Joyous times :)

Ariba · 2014-02-06 18:52

rjo__ wrote: »

I am modifying Chip's Monitor.spin to add some math and serial utilities for the P2-Nano.

When I try to move PTRA's address into a variable, tempptr: mov tempptr, PTRA

I get an error: Expected a Constant, Unary Operator or "(.

Given the new PTRA instructions, I don't actually have to do this. I was just wondering about it.

All these special registers like PTRA have SET.. and GET... instructions, only the port registers are register mapped, and allow MOV.
So you need to do:
GETPTRA tempptr

Andy

rjo__ · 2014-02-06 19:10

Seems to be one of those forest from the trees sitiations.

Thanks

rjo__ · 2014-05-21 15:18

I have not really had time to properly lurk for the last month... let alone play with anything really fun... poor me:)

I just have to say that the current direction of this design is just.......brilliant.

For anyone not tickled by the new features, this design will provide a parsimonious environment for updating proven designs.

In a moment of legendary insight, it occurred to me that we will be able to stream data through the P2 at rates that defy processing. This is good. It means that up to the limit of streaming, that data can be made real, streamed to external memory and then post-processed at a leisurely pace.. To me, this is a game changer. We don't really have to worry if the chip can keep up with the signal it is trying to process, we only have to stream the data to a large block and then hash it out. I can't stop thinking about it... I wake up in the middle of the night screaming..."Praise Jesus!!!"

I want to live in a place where it is legal to marry this chip. . This is just fabulous.

We don't need simultaneous bidirectional FIFO's, this is PERFECT!

Bill Henning · 2014-05-21 15:26

divide and conquer

stream it to memory, then throw many cogs at the problem!

reverse is also true,

have many cogs generate a signal in a table, and stream it out.

and for the icing on the cake... the FIFO significantly speeds up hubexec (and even LMM)

if there is room for it, a write fifo is nice too - double speed memory copies does not hurt - but it is by no means necessary.

Ken Gracey · 2014-05-21 15:28

Wonderful! What you think about, you bring about. Choose joyous times or lament - just be sure it's the right decision.

Seriously, spoke to Chip today and he's making solid progress on the hub RAM management and expects to have something working within the day. I'll stop by his home tomorrow just to see it with my own eyes. If I'm ever feeling lament around our progress, I can usually talk to Chip and get back the vibe of joyous times.

Ken Gracey

rjo__ · 2014-05-21 15:29

Don't touch that space:)... reserved for memory.

rjo__ · 2014-05-21 15:31

http://www.youtube.com/watch?v=nKgUq5dziEk&feature=kp

jmg · 2014-05-21 15:59

Bill Henning wrote: »

if there is room for it, a write fifo is nice too - double speed memory copies does not hurt - but it is by no means necessary.

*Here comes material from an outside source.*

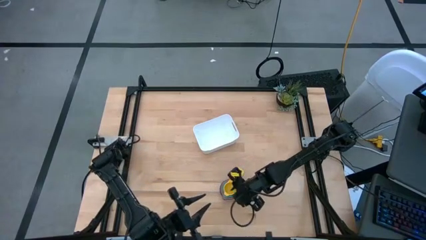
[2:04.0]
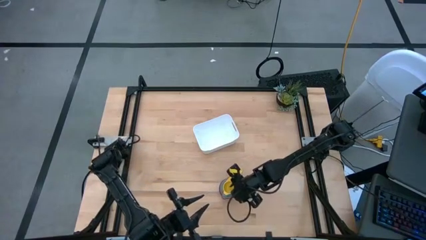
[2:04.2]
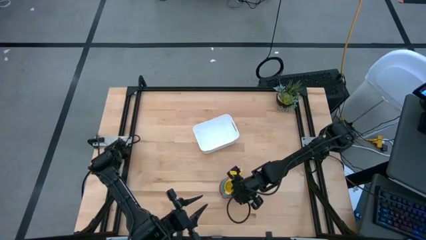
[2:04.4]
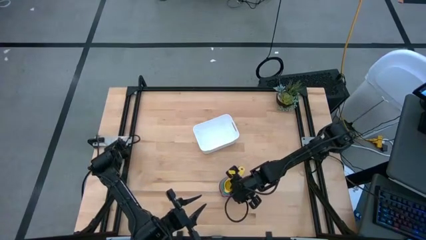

I think Chip already has it working in both directions, but in Simplex manner. (ie you configure direction).
He did ask about Duplex FIFOs (one for each way), but as these are looking quite large, I think starting with Simplex is better.

I'm trying to get a handle on the relative area/speed of FF+MUX or Dual Port RAM FIFOs, but ASIC info varies widely, depending on how custom your cells are.

Certainly on a FPGA, Dual Port RAM is smaller and faster than a sea of FF+MUX, because DPRAM is there as custom blocks.
Maybe OnSemi could give some guidelines re their Process/cells ?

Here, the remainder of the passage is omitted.